Это был самый настоящий «толчок», и он действительно исходил откуда-то из-под земли. Осознание происходящего нахлынуло на него подобно теплой волне. Складывалось впечатление, как будто он наконец извлек откуда-то из глубин своей памяти уже вроде бы забытое им имя. Поначалу Джон Грант не знал, что ему делать с этим своим открытием. Он, конечно, понимал, что оно, по всей видимости, имеет какое-то важное значение и что ему ни в коем случае нельзя скрывать его от других людей. Но каким образом ему нужно действовать, чтобы открытие пошло всем на пользу?
И тут вдруг он услышал голос Джустиниани и, повернувшись, увидел, как тот ходит среди сбившихся в кучки уставших воинов и обычных горожан. Подумав, что этот человек по крайней мере выслушает его, Джон Грант тут же побежал к генуэзцу.
Заметив его приближение, Джустиниани повернулся к нему и, уперев руки в бока, сказал:
– А-а, заклинатель птиц! И почему-то такой взволнованный.
Джон Грант покраснел и перешел с бега на шаг.

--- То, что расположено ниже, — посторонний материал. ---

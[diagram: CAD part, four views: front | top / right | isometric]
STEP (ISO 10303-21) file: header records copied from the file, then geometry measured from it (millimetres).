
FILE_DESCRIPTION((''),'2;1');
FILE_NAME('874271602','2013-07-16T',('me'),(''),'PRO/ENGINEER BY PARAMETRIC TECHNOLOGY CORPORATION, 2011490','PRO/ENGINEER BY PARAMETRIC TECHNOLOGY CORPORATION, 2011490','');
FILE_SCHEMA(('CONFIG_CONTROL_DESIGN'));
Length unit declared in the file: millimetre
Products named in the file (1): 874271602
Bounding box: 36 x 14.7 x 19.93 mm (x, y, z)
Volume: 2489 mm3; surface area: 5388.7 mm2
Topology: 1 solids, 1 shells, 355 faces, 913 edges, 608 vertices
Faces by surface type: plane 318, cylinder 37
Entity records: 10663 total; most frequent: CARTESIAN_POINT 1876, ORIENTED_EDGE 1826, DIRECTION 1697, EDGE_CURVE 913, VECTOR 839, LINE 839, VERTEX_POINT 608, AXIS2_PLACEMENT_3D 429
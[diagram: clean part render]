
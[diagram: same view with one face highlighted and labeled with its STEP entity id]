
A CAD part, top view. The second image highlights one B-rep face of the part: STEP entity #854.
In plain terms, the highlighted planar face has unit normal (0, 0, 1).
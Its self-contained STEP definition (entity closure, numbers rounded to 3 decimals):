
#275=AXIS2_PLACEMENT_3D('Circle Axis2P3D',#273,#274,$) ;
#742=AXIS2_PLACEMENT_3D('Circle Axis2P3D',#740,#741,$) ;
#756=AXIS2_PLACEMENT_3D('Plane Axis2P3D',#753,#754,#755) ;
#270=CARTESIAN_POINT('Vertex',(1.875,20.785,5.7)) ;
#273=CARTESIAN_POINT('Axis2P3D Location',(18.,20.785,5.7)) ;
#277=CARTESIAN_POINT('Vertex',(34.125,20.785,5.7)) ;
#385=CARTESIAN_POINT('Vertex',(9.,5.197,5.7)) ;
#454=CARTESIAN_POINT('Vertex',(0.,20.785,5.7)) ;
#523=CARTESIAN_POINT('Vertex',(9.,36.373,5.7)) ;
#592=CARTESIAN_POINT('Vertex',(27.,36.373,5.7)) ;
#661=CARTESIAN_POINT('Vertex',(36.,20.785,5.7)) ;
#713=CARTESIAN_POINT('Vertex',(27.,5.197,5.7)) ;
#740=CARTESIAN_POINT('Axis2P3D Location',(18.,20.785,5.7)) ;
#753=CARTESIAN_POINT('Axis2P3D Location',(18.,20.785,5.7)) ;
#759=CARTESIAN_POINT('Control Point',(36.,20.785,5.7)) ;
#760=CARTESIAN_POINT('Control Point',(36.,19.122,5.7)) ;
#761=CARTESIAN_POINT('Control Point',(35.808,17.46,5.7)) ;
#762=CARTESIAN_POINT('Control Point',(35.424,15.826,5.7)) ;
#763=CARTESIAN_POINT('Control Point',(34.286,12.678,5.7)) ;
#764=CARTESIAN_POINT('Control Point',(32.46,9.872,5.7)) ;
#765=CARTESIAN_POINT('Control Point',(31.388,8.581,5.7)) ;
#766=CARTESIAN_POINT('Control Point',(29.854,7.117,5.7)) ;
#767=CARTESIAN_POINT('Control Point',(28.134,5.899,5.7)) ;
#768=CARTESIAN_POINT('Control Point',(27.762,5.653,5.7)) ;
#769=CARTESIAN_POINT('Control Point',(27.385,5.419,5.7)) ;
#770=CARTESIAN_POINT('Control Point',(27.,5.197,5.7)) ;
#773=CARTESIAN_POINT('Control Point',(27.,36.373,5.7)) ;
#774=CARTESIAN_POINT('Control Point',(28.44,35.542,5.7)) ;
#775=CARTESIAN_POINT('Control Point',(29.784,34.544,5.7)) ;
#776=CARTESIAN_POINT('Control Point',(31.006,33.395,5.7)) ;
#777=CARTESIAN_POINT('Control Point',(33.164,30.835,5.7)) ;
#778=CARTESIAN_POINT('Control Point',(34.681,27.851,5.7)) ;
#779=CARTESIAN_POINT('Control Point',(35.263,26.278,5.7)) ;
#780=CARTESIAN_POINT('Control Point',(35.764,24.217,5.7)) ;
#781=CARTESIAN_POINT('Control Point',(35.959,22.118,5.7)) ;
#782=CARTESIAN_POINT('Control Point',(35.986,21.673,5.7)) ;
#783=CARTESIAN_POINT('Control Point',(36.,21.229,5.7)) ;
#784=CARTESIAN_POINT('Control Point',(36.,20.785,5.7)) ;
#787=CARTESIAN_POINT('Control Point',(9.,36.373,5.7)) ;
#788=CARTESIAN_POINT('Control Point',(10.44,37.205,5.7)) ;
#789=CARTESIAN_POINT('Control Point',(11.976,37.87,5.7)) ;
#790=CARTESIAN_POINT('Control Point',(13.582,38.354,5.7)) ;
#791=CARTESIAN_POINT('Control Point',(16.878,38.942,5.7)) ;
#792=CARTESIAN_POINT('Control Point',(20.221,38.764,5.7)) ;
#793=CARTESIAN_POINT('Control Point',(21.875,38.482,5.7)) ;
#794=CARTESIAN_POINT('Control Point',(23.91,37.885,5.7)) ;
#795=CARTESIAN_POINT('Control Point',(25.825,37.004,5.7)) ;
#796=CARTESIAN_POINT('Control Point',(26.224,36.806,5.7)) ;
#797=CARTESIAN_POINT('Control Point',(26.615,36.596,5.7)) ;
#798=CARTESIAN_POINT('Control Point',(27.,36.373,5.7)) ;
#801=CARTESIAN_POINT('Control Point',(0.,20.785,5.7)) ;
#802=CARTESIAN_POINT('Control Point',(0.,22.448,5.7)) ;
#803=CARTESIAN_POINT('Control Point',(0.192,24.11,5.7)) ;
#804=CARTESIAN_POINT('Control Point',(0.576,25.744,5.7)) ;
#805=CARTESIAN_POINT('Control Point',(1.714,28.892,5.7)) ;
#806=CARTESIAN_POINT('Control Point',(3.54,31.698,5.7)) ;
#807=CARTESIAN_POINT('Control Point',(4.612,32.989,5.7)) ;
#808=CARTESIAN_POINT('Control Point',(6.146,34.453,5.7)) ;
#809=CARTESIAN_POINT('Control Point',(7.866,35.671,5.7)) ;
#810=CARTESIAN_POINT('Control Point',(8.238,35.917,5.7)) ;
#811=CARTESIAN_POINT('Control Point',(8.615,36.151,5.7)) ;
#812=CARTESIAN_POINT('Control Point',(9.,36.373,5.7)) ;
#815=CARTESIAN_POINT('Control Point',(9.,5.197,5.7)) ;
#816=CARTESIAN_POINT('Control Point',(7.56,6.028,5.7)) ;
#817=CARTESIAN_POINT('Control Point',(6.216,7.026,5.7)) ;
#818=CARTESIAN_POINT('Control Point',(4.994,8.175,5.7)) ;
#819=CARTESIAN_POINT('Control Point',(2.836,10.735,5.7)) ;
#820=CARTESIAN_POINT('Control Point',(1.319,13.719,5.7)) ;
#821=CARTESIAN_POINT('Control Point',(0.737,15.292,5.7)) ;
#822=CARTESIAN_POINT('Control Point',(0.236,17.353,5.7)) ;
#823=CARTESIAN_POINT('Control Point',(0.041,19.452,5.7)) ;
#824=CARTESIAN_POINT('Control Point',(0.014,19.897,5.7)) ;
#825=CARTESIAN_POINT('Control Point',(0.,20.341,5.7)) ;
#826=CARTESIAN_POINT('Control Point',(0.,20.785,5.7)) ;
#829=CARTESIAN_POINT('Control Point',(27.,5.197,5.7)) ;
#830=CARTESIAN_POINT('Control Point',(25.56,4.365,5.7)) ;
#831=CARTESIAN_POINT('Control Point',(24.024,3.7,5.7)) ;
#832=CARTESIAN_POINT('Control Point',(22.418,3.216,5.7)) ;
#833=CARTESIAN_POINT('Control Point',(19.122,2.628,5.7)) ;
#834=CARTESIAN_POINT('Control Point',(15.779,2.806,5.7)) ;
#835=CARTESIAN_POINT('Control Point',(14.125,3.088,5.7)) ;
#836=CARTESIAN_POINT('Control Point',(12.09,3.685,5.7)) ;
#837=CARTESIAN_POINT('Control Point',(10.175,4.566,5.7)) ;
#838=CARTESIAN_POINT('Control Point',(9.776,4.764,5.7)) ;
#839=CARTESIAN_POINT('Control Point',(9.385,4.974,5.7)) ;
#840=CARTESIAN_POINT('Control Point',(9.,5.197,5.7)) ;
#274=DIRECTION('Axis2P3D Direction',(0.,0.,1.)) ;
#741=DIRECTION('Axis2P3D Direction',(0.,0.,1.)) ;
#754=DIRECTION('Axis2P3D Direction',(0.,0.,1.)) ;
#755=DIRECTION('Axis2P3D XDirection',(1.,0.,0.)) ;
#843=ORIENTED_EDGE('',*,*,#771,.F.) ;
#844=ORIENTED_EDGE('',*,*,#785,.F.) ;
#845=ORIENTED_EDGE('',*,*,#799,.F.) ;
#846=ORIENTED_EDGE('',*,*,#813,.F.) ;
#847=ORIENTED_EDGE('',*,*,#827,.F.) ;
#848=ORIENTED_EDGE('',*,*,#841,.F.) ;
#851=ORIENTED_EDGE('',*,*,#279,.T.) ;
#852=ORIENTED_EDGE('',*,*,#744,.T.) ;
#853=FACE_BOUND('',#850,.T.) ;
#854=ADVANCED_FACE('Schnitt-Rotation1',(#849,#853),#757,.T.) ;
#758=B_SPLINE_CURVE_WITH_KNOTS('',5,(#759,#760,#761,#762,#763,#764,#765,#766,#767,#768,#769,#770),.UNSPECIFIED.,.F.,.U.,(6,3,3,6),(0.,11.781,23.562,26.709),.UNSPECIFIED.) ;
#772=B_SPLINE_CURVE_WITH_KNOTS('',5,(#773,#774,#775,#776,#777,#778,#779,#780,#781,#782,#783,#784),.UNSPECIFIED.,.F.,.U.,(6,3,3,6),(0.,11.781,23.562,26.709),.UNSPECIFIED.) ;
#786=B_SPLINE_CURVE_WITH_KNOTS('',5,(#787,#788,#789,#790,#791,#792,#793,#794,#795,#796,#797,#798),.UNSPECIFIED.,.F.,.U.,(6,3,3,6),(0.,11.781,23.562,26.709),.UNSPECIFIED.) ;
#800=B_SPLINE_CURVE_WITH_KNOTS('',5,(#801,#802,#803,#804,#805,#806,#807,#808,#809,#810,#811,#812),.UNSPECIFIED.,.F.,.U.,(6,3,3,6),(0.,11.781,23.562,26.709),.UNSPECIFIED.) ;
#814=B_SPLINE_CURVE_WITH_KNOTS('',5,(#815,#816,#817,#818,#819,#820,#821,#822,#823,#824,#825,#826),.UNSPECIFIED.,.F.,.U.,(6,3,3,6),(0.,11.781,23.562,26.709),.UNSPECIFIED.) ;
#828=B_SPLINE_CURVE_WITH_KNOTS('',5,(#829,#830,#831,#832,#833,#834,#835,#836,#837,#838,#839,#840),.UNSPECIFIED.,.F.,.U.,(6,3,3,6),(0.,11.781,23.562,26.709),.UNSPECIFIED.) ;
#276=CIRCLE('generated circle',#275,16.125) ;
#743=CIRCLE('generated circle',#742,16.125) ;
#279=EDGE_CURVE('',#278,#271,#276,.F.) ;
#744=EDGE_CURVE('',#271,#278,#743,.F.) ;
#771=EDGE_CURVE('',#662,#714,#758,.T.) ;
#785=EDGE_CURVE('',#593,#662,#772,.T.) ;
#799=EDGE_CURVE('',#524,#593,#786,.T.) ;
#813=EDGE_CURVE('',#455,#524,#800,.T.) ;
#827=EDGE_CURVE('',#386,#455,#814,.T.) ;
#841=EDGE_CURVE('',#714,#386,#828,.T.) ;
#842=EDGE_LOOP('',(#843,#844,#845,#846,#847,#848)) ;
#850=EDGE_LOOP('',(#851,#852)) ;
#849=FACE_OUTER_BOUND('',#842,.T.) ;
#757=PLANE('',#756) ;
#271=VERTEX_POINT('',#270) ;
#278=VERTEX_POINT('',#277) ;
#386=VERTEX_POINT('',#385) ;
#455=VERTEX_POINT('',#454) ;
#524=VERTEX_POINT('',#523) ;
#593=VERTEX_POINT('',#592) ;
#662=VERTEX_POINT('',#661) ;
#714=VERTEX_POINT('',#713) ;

– Что случилось? – спросил Джустиниани.
Осознавая, что «толчок» обычно предупреждает о нависшей опасности, но не сообщает, что это за опасность, Джон Грант решил изложить возникшее у него предположение, причем сделать это самым лаконичным и понятным образом.
– Я думаю, что враг ведет подкоп под стены, – сказал он.
45
45
Туман, словно просторное влажное полотно, повис в ночной темноте. Лунный свет изо всех сил старался пробиться сквозь темноту, но, похоже, в конце концов удовольствовался тем, что трансформировал эту темноту в унылый полумрак, который, казалось, олицетворял само забвение. Ленью притягивал и как бы всасывал в себя этот полумрак. Ей подумалось, что в ее продвижении к османским позициям есть что-то похожее на сон, сопряженный с ощущением того, что она смотрит сама на себя издалека. Чем больше она думала об этом и позволяла чувствам охватывать ее, тем больше она осознавала, что и ее пребывание в этом городе тоже было похожим на сон.
Кроме того, у нее появилось отчетливое ощущение, что все, с чем она сталкивалась с момента своего прибытия в гавань, уже происходило когда-то раньше. У нее не получалось описать испытываемые ею чувства словами, но чем дольше все это продолжалось, тем сильнее она чувствовала дрожь волнения, которое казалось ей одновременно и благоговейным, и крамольным, а потому – неуместным. В голову приходили мысли о том, что если ей уготована какая-то судьба, то искать ее следует где-то здесь, за городскими стенами. И если она, идя вперед, протянет руку в этом полумраке, то, наверное, рано или поздно прикоснется к краю одежды своей судьбы, как к краю одежды женщины, и она уведет ее за собой.